The fine muscles along his jaw tensed and relaxed. He clenched a fist on the top of the table. “And you want to see me naked?”

“It isn’t about me seeing you naked. It’s about you seeing yourself that way. You waltz in here out-glitzing a Vegas showgirl all clothed in your shiny immortality and the protection of your maker and expect to get what you want by just losing a few hands of poker.” When he opened his mouth to protest, she pointed to her Ray-Bans. “Oh I see a lot more than most, Michael, and the owner of this place, well if anything he sees even more than I do. Hell, you might as well have your maker’s signature stamped across your forehead. You’re not fooling anyone but yourself, and the gods, well they like it that way just fine. But if you want to play the game in Buried Pleasures, you place your bet. Otherwise, don’t waste my time.”

He sat for a long moment studying her as though she were trying to trick him. He needn’t have worried. There were no tricks at Buried Pleasures, and everyone there ended up as naked and exposed as everyone else. Well, everyone but her and Jack Graves, but they’d both paid their dues a long time ago. They both knew that the breath of eternity blowing in your face always smells of death.

“And if I lose?” His gaze darted from her to the deck of sealed cards then to Graves standing with his arms crossed looking down on them from the mezzanine.

“If you lose, you get what you came for.” She nodded up to Graves. “He’ll sort the details with your maker and then you’re all his.”

“Wait a minute.” Michael shot another glance at Graves. “He’s not …”

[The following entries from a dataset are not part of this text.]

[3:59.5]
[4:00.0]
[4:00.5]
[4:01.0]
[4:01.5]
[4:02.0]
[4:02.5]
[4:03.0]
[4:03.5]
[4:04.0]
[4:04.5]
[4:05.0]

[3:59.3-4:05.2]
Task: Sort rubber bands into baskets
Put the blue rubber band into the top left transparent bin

This time she didn’t even try not to laugh. “Of course he’s not Satan. Granted, I suppose the storm tunnels might be mistaken for hell, what with the scorpions and the rats, but it suits Graves. He’s the only one who deals in mortality, and that is what you want, isn’t it, to be finite, to have a beginning and an end, to be a real boy?”

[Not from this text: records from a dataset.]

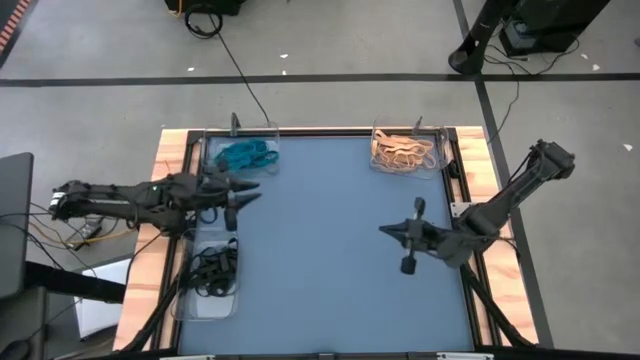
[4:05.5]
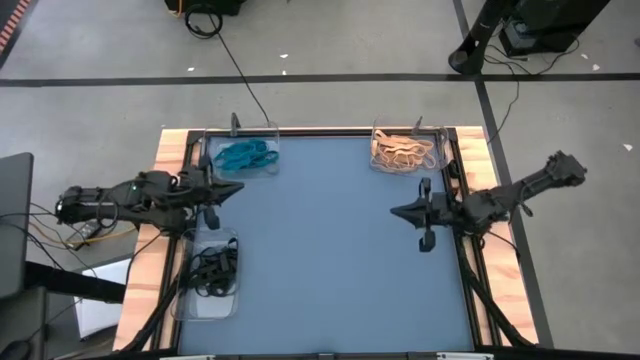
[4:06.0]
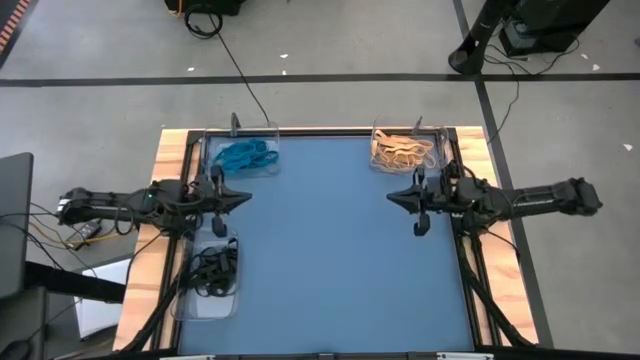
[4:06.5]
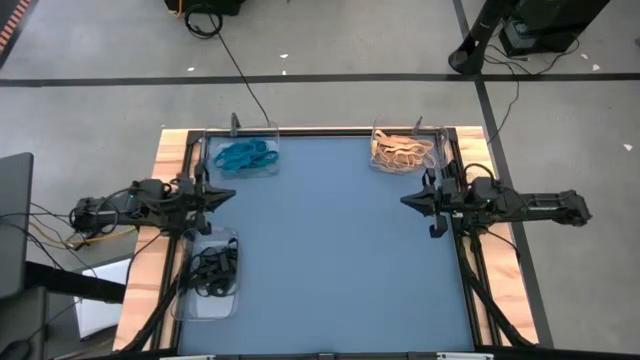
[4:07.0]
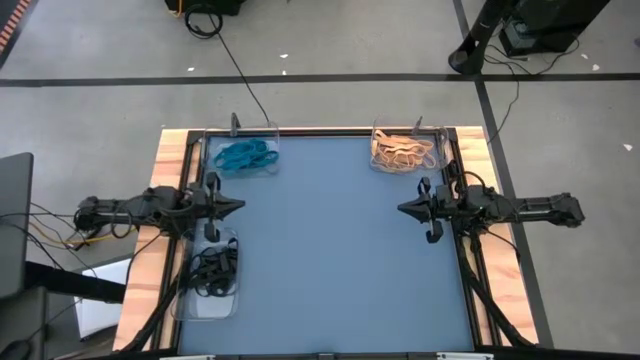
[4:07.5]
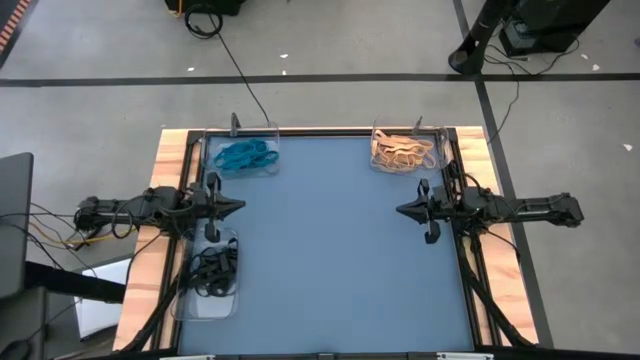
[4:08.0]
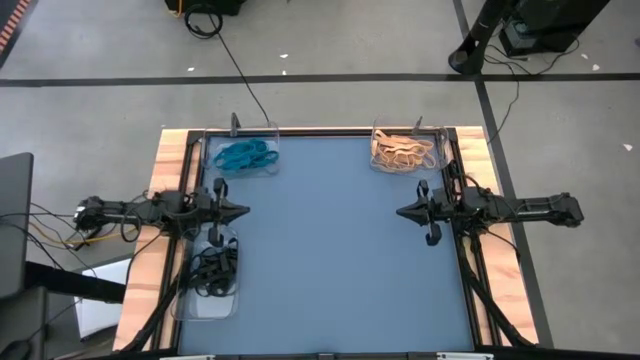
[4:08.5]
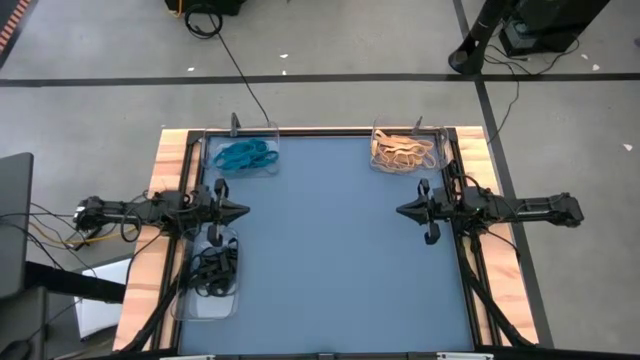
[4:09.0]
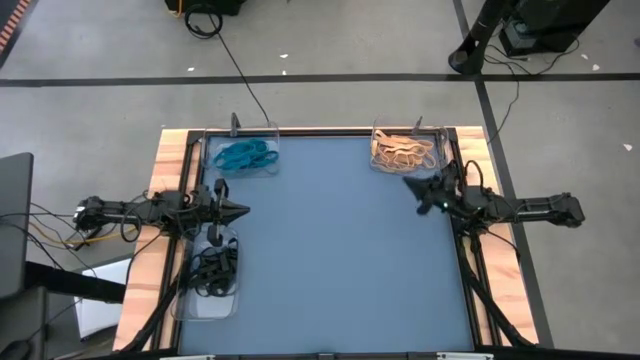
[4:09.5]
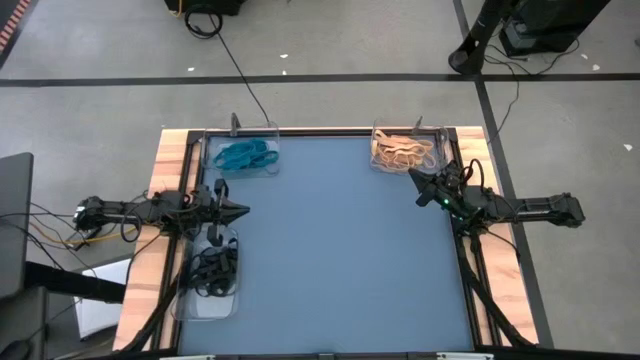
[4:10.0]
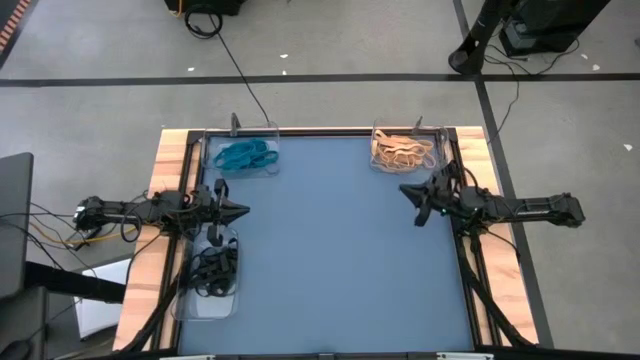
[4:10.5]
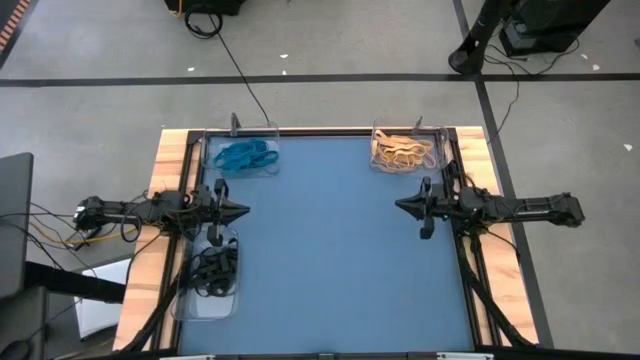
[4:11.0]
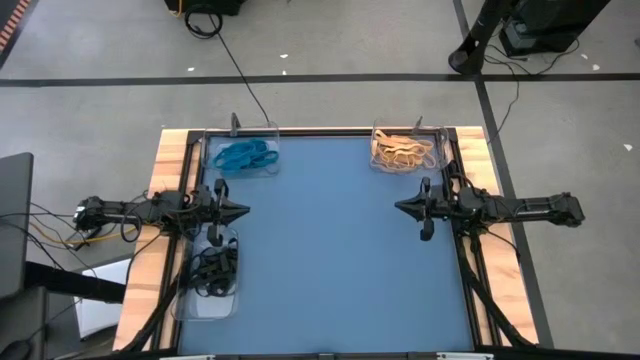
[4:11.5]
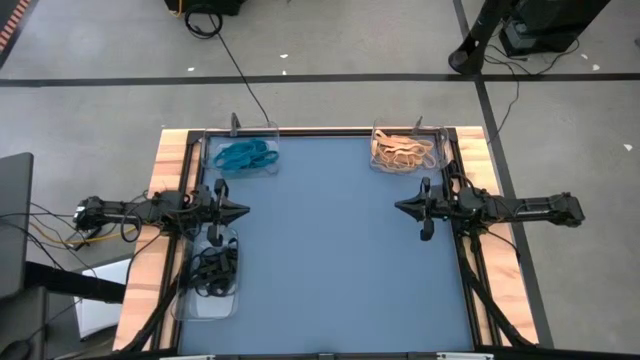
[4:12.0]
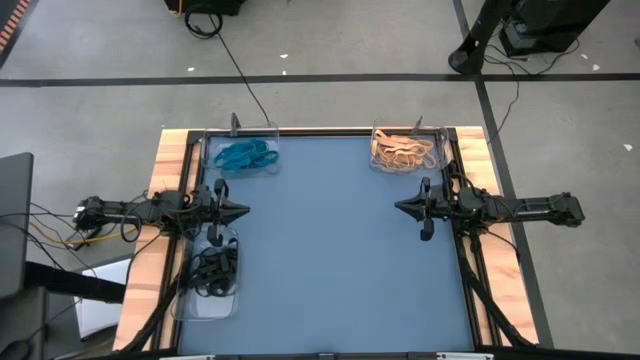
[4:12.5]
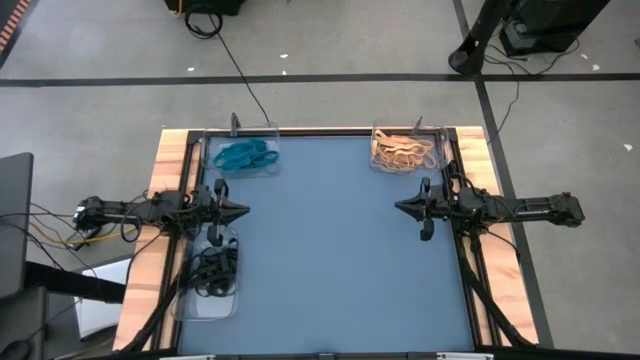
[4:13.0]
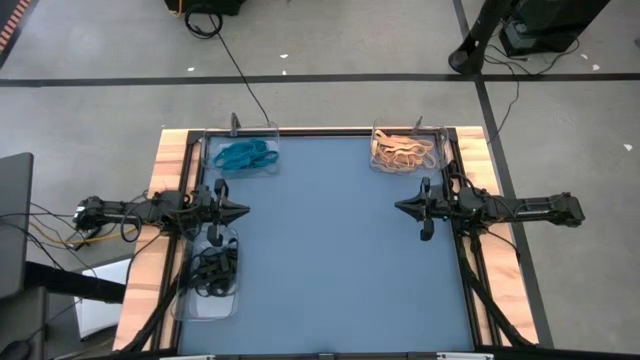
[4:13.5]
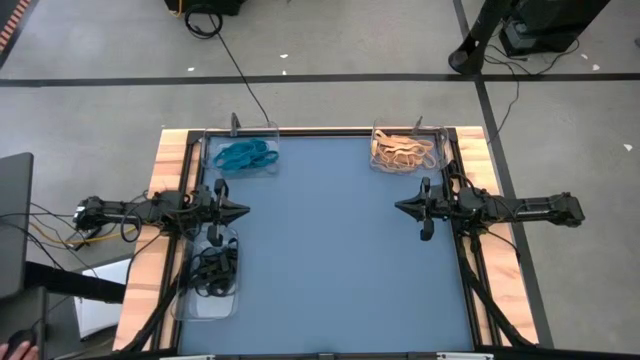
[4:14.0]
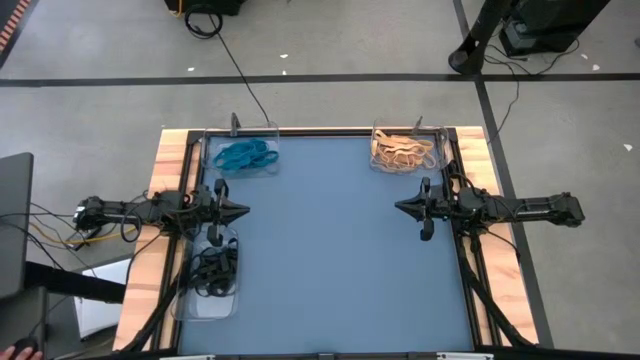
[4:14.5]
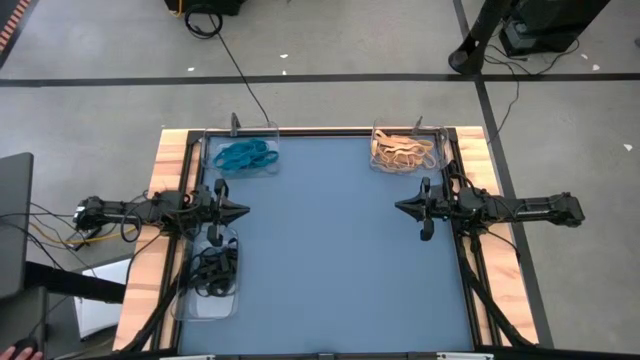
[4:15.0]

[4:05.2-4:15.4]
Return to Home Position

He bit his lower lip and gave a barely perceptible nod. Then he glanced over at the dealer as though he were afraid she might rat him out to his boss. Magda couldn’t help feeling a little sorry for him.

“Then trust me, this is the only place you have any chance of that happening. You are sure that’s what you want?” She quirked her head to the dealer, who gave him a questioning look.

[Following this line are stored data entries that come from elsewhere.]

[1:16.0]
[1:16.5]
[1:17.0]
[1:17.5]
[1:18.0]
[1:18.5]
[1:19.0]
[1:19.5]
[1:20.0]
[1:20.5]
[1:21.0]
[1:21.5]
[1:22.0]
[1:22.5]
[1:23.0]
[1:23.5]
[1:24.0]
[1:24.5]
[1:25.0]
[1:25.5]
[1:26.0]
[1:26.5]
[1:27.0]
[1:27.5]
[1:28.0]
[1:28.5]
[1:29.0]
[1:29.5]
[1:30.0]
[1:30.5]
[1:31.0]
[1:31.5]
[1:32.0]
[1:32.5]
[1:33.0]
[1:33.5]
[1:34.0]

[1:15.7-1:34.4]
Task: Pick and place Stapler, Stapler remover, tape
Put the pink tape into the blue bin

“More than I’ve ever wanted anything,” he whispered blinking back emotion.

“And consequences be damned?”

He nodded his response as though he had suddenly lost the power of speech. Then he motioned to the dealer. She opened the deck and shuffled. Michael carefully took each card dealt him as though he feared one of them might explode. She watched him rather than her own cards. The last few seconds of eternity was something she’d never seen on anyone’s face before. While this might have been exactly what Michael had wanted, she could almost taste his fear. Before he could turn over his last card, she placed her hand over his. “It’s not too late to change your mind. I’ll completely understand if you want to back out, and so will Mr. Graves.”

“I won’t … change my mind.” He tried to pull his hand free, but she held it. “Once it’s done, it’s done. There’s no going back. You know that?”

“I understand.” He took a deep breath and pulled free.

It only took one hand. One hand and the angel, Michael, lost spectacularly. Then Magda sat back and watched him change. Oh there were no feathers dropping to the floor from the wings that no one could see, no tinkle of a golden halo hitting the marble beside his chair. There was no crash of thunder or strike of lightening, no roaring voice from heaven and no flaming sword guarding the way back to paradise. His hands shook a little as he pushed the mountain of chips to Magda’s side of the table. He sank back into his chair in a motion that was more one of a weight settling than a weight being lifted. Magda knew the difference very well. A thin sheen of sweat broke on his high forehead and slowly his attention shifted to Graves, who only smiled down at him and lifted a glass in salute. At last he found his voice. “He’ll come for me now?”